After the safe return of the first Apollo Moon-landing mission (Apollo 11), Beddingfield was assigned to the Space Shuttle program in August 1969. He was the first NASA Kennedy Space Center employee assigned to the program and worked on the shuttle in a number of progressively responsible positions through its first 23 flights. One of the responsibilities assigned to him was selecting the location of the Shuttle Landing Facility (SLF) and the design of the runway. He retired from NASA as the deputy director of shuttle operations in November 1985.

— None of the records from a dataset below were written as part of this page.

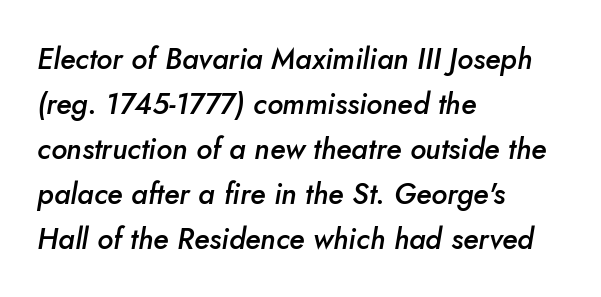
Q: Is the text bold? A: Semi-bold.
Q: Is the text italic (slanted)? A: Yes, it leans right by about 5 degrees.
Q: Is the text underlined? A: No.
Q: How is the paragraph aligned? A: Left-aligned.
Q: Is the spacing between letters normal or unusually wide? A: Normal.
Q: Is the spacing between lines tight, normal or loose? A: Normal.
Q: Width (condensed, normal, or wide)? A: Normal.
Q: Stroke contrast? A: Low.
Q: x-height? A: Small.
Q: Monospaced? A: No.
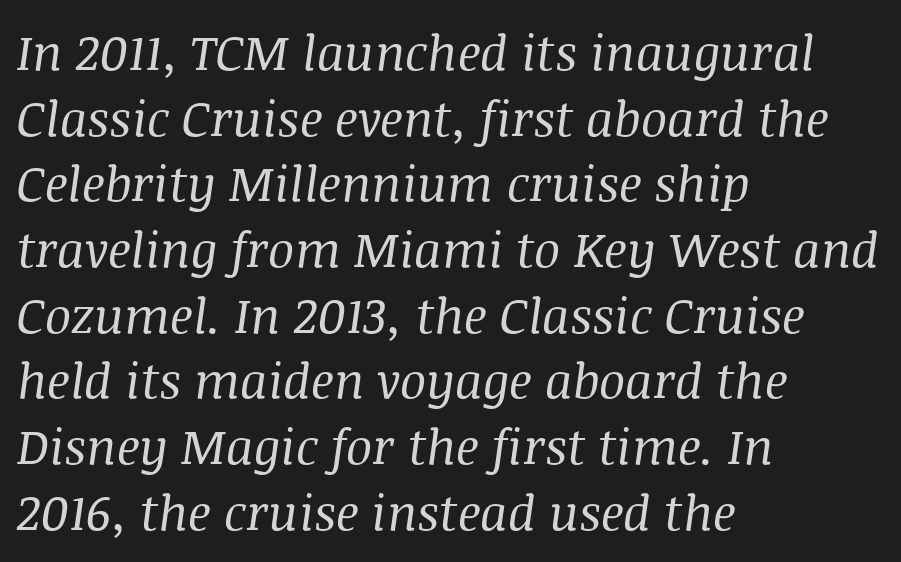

===Retirement and death===

In retirement Beddingfield was an advocate for the space program and was a frequent commentator on local and national TV during shuttle launches. He also contributed to many space history initiatives by NASA or private entities. He served as president of the Florida chapter of the NASA Alumni League from 1994-1996.

He volunteered his time to the US Space Walk of Fame Foundation and served on its board of directors after its inception. He was also a lifetime member of the Merritt Island Wildlife Association and served on its board. He also volunteered weekly at the Valiant Air Command Warbird Museum.

Beddingfield died on June 13, 2012, in Titusville, Florida at age 78.

==Recognition==
During his 26-year NASA career, he received numerous forms of recognition for his service. Among them was the NASA Exceptional Service Medal for both the Apollo and the Shuttle programs. He also received a Lifetime Achievement Award in 2006 from the Florida Committee of the National Space Club.